Records shown:
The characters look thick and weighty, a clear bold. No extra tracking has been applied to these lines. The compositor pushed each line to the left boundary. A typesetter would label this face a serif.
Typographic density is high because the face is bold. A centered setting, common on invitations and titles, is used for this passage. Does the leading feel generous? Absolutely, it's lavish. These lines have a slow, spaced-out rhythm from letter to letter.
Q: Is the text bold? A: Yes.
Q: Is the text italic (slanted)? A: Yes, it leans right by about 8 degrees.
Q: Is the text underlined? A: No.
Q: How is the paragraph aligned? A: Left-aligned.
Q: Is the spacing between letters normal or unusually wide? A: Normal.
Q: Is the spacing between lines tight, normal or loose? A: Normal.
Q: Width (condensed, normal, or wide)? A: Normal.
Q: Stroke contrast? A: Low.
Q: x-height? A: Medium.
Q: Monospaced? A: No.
...
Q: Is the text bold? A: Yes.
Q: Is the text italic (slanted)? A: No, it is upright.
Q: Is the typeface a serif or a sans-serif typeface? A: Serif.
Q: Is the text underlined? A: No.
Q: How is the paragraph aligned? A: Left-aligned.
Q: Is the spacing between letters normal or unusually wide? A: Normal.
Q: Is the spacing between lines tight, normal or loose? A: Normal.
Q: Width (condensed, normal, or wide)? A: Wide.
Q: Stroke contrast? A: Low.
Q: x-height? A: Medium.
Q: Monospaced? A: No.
---
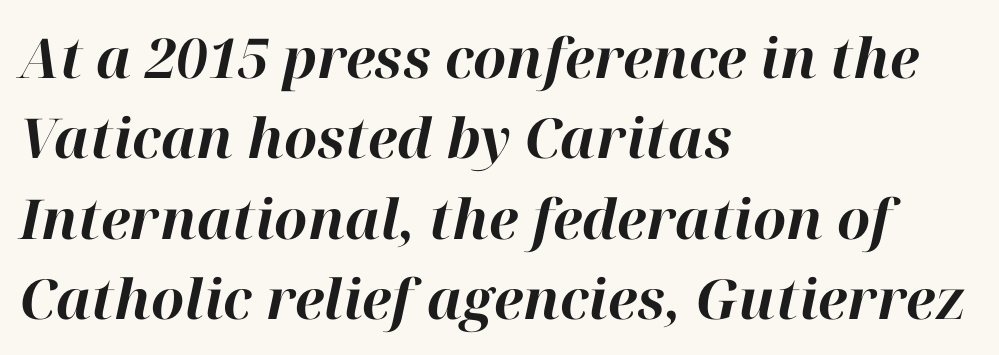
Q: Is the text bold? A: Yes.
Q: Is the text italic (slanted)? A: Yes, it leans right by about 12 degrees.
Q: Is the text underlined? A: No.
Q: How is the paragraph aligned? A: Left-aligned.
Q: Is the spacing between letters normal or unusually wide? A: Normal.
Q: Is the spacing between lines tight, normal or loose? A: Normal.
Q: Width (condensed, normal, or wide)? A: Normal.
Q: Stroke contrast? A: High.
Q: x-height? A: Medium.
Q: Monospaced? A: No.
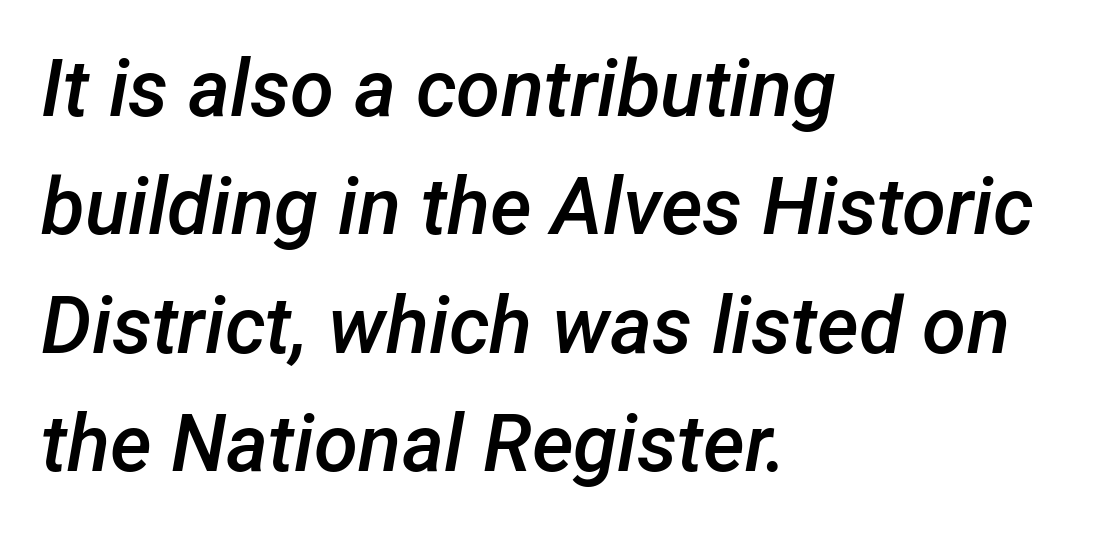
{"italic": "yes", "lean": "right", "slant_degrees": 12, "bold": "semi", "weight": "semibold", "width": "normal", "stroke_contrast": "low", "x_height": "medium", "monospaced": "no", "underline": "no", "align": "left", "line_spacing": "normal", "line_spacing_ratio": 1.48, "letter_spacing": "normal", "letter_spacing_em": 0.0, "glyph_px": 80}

What the exercise asks: The word "serif" appears in some of the lines above. Copy those lines.

Result for this exercise:
The characters look thick and weighty, a clear bold. No extra tracking has been applied to these lines. The compositor pushed each line to the left boundary. A typesetter would label this face a serif.
Q: Is the typeface a serif or a sans-serif typeface? A: Serif.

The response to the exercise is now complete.